Лелька облегченно вздохнула и подумала: „Ишь злющая какая сегодня... Она, вот, голодной не будет сидеть и в обиду себя не даст.. Не такая, как мама: все с господами! К ней даже офицеры ездят“.

Лелька вспомнила, как на прошлой неделе, по просьбе этой девушки, она бегала покупать вино и конфеты, и когда принесла покупку к ней в комнату, то увидела у нее важного офицера. Солнце играло у него на эполетах и золотых пуговицах расстёгнутого кителя, а на гвоздике, около дверей, висела настоящая, большая шашка. Офицер

сидел рядом с девушкой на мягком диванчике, перед круглым столом; одной рукой притянул ее к себе, а другой гладил по круглым плечам и груди. При входе Лельки они не изменили позы; офицер посмотрел на нее внимательно и спросил, чья она?

— Девица тут рядом... Не хочет в воспитательный отдать! Добро бы еще зарабатывала много, а то с приказчиками ходит, — много не заработаешь!.. На Разъезжей гуляет.

Офицер наклонился к ней и прошептал что-то на ухо, искоса поглядывая на Лельку. От этого взгляда Лельке вдруг стало не по себе: не то приятно, не то совестно. Она невольно оправила на себе платьице и зарумянилась.

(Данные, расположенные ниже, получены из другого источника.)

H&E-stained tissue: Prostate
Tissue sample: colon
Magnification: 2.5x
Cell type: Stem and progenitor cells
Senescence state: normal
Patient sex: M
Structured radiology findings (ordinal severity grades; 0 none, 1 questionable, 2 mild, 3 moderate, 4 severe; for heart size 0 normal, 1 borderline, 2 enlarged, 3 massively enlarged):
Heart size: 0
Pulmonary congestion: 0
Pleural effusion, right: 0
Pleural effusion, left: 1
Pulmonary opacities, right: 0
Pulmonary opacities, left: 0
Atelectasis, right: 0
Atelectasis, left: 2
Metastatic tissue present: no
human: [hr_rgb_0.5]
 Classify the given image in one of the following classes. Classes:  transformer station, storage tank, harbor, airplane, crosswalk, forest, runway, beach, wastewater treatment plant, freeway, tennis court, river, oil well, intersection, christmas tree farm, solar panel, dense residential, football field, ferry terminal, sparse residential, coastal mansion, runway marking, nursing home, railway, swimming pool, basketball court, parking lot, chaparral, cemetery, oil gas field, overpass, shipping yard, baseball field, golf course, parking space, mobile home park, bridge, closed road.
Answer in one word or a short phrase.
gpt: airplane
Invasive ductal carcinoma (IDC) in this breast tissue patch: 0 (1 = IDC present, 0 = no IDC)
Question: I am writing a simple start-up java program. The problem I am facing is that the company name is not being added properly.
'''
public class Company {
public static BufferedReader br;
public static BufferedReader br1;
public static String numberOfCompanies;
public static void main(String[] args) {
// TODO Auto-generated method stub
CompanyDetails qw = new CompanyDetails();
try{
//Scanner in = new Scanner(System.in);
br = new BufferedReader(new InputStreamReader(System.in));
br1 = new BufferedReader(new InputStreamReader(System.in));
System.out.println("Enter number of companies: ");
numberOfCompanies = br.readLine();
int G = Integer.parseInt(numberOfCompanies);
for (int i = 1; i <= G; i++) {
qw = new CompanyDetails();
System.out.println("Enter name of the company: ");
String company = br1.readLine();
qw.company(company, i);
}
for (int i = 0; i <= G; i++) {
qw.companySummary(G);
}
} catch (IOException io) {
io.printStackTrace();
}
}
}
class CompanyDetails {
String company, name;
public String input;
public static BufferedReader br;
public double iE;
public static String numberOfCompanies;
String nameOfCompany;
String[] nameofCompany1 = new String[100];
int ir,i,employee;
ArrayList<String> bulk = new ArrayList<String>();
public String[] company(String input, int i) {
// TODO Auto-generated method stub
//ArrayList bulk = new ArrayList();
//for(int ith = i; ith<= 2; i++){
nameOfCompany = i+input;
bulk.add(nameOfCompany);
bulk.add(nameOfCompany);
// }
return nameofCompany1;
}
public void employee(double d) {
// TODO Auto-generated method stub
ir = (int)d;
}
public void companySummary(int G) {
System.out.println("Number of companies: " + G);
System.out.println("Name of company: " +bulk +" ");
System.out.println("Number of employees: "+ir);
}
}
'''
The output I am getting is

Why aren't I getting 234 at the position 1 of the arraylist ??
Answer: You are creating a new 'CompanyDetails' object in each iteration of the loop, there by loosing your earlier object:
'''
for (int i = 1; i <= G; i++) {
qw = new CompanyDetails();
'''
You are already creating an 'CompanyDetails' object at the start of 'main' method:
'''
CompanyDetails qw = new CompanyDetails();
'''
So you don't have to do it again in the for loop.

— Ишь, змееныш, понимает, что о ней говорят!.. Нет, уж эти глупости оставь: мать ее мне глаза выцарапает, в полицию пойдет, — она такая!.. Она из нее принцессу хочет сделать. Знаем мы этих принцесс... Ха-ха-ха!.. Ты чего стоишь, зеньки вылупила? — обрушилась она вдруг на Лельку, — чего не видела? Проваливай!..

Лелька выбежала из комнаты, но услышала, что ее зовут, вернулась и остановилась у двери.

— Иди, иди, не бойся: господин офицер хочет тебе подарок сделать. Да иди же, не укусит... Эх, ты!.. Принцесса-недотрога...

Лелька не понимала, почему девушка называет ее „принцессой-недотрогой?“ Она такая самая, только маленькая еще!.. Ей было очень приятно, что такой важный офицер притянул ее к себе, погладил по лицу, по волосам, ласково похлопал по спине и даже слегка сжал ее своей большой ладонью. Потом он дал ей две шоколадки и 20 копеек „на ленточку“. Лелька с любопытством рассматривала то его узорный эполет, то широко открытую белую грудь, поросшую курчавыми черными волосами. Ей очень хотелось потрогать руками и эполеты и курчавые волосики, хотелось заговорить с ним, но она почему-то сробела и так и ушла из комнаты, не открыв рта.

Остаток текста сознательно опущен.